Stored data:
........

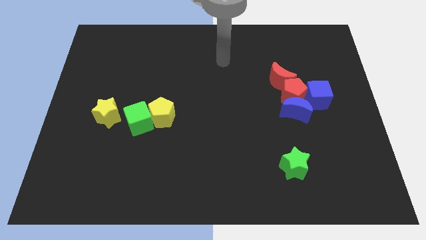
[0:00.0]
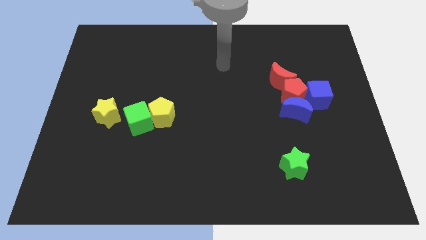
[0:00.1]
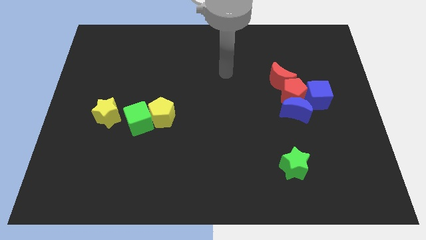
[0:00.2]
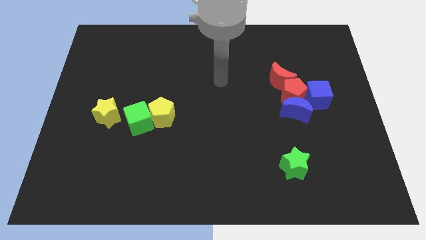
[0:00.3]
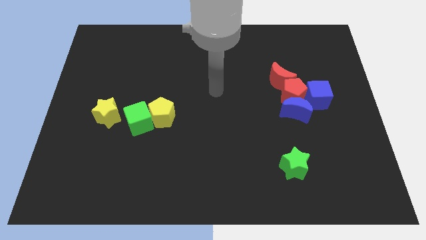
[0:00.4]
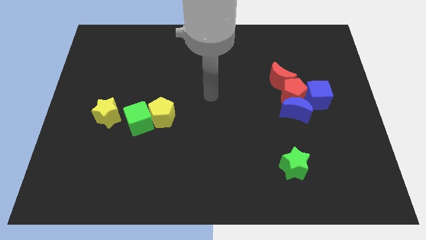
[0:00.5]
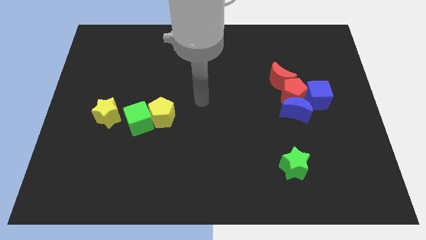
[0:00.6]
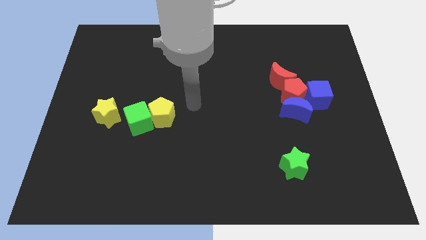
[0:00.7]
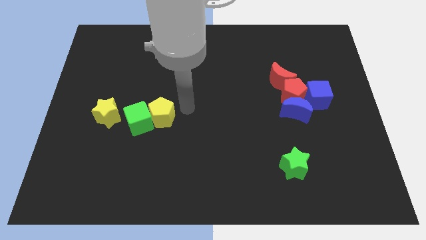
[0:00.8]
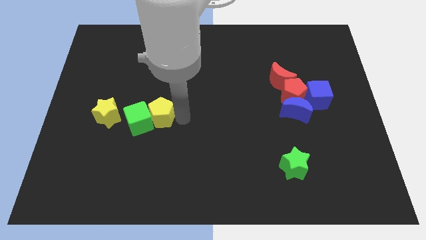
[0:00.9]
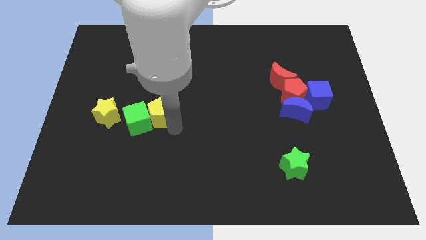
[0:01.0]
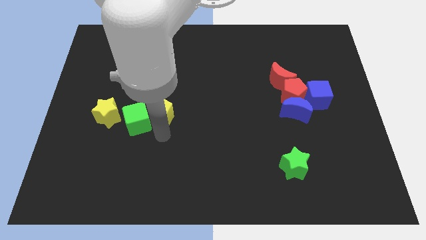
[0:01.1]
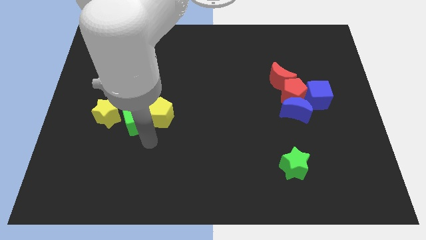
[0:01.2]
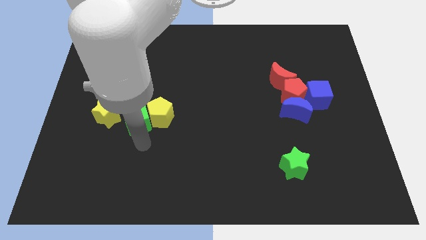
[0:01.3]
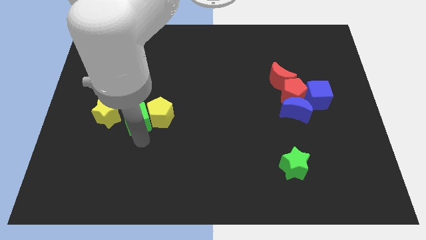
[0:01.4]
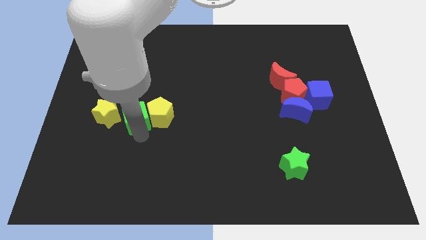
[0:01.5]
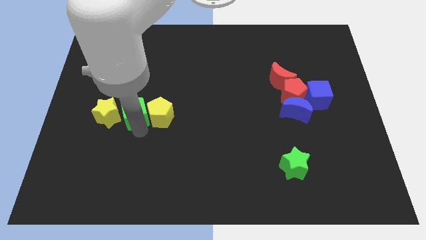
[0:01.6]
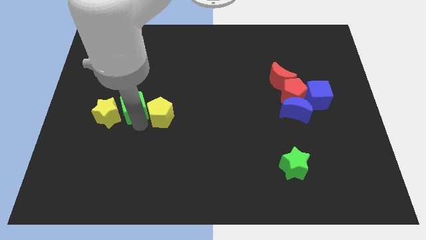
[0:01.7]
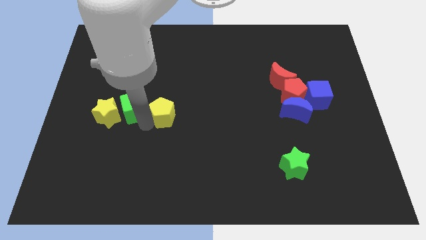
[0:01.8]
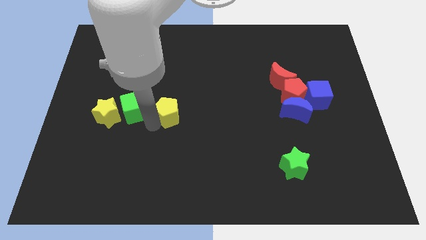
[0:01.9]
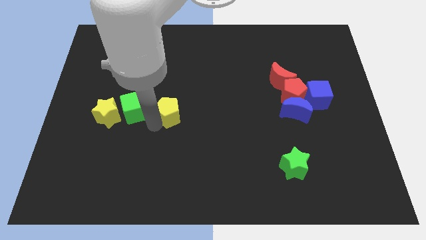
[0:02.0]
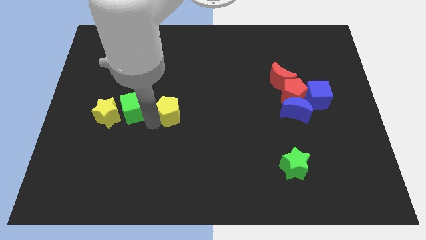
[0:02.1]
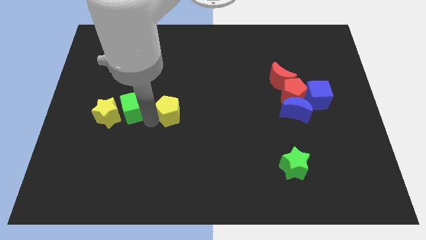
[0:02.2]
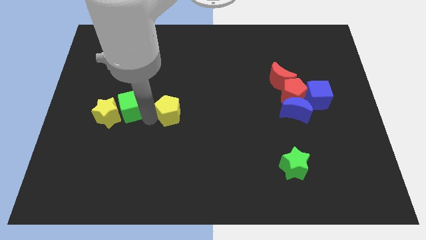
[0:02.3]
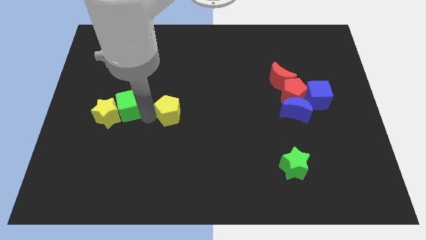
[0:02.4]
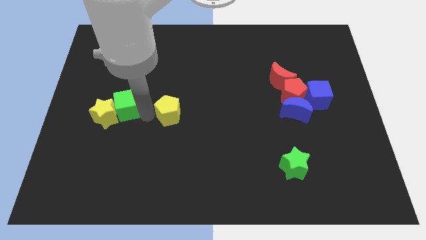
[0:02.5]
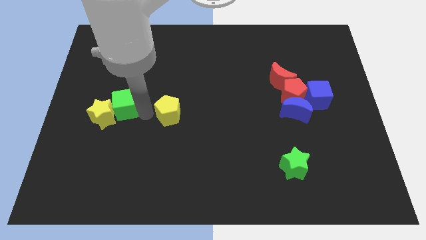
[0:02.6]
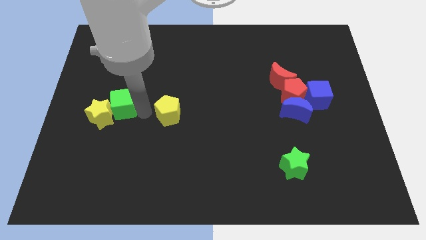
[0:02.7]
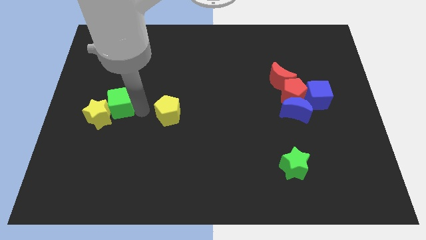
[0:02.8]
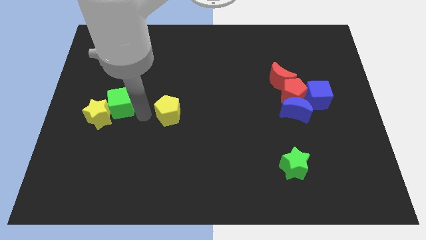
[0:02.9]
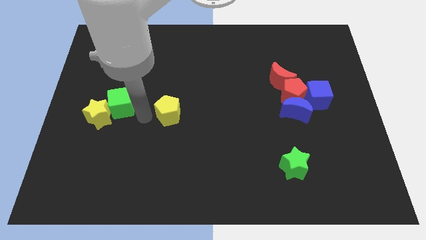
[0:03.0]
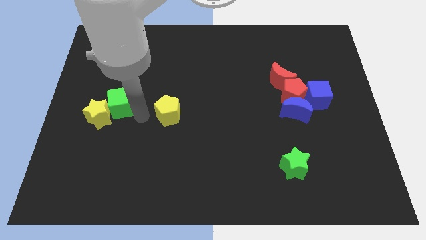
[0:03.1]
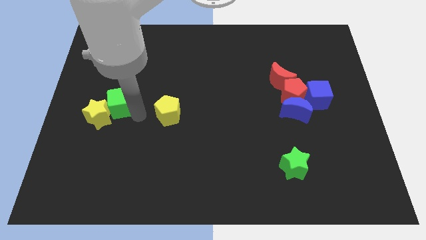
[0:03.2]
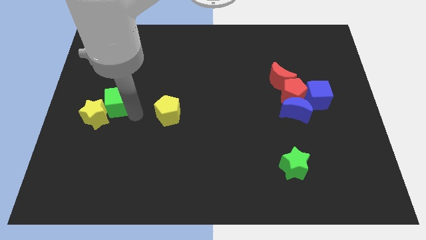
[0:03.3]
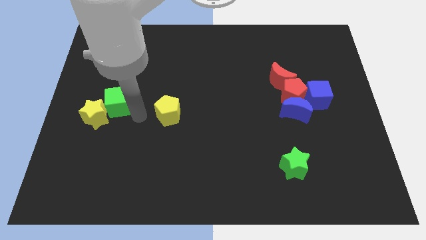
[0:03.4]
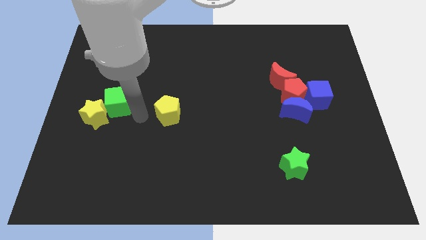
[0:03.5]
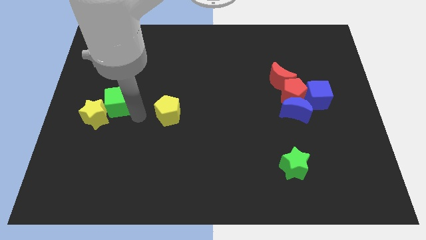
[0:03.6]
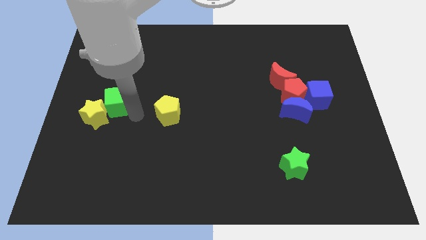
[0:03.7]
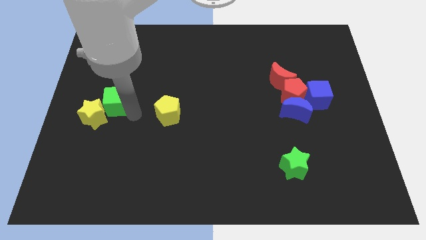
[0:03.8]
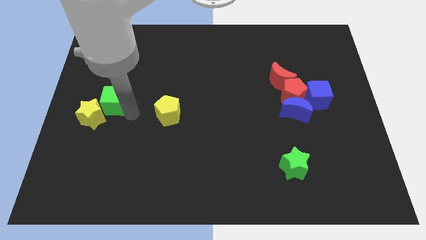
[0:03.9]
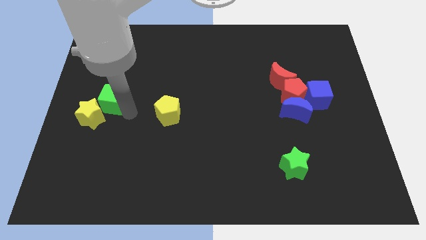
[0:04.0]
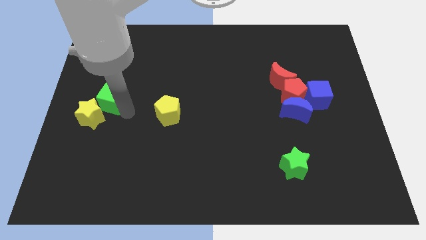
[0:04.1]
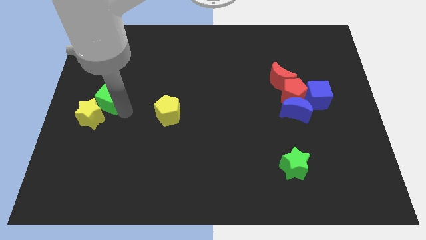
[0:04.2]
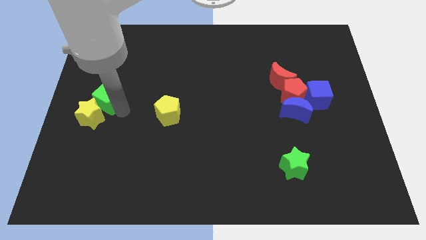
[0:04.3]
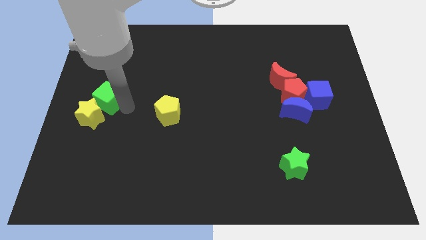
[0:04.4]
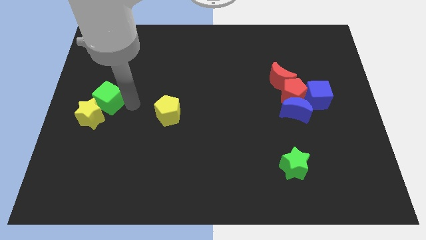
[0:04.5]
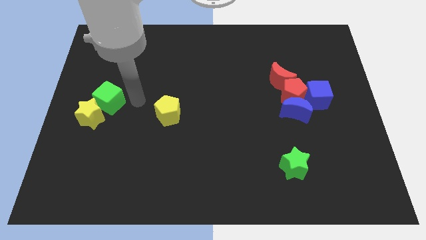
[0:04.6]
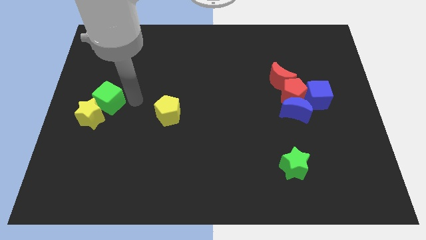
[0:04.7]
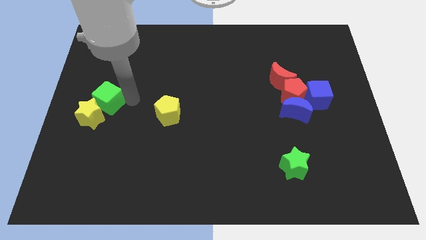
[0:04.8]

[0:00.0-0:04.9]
put the green cube to the left side of the board

........

(YOUR OBJECTIVE): Word for word, set down each record shown above, omitting the pictures.

(THE COMPLETED TASK):
[0:00.0]
[0:00.1]
[0:00.2]
[0:00.3]
[0:00.4]
[0:00.5]
[0:00.6]
[0:00.7]
[0:00.8]
[0:00.9]
[0:01.0]
[0:01.1]
[0:01.2]
[0:01.3]
[0:01.4]
[0:01.5]
[0:01.6]
[0:01.7]
[0:01.8]
[0:01.9]
[0:02.0]
[0:02.1]
[0:02.2]
[0:02.3]
[0:02.4]
[0:02.5]
[0:02.6]
[0:02.7]
[0:02.8]
[0:02.9]
[0:03.0]
[0:03.1]
[0:03.2]
[0:03.3]
[0:03.4]
[0:03.5]
[0:03.6]
[0:03.7]
[0:03.8]
[0:03.9]
[0:04.0]
[0:04.1]
[0:04.2]
[0:04.3]
[0:04.4]
[0:04.5]
[0:04.6]
[0:04.7]
[0:04.8]

[0:00.0-0:04.9]
put the green cube to the left side of the board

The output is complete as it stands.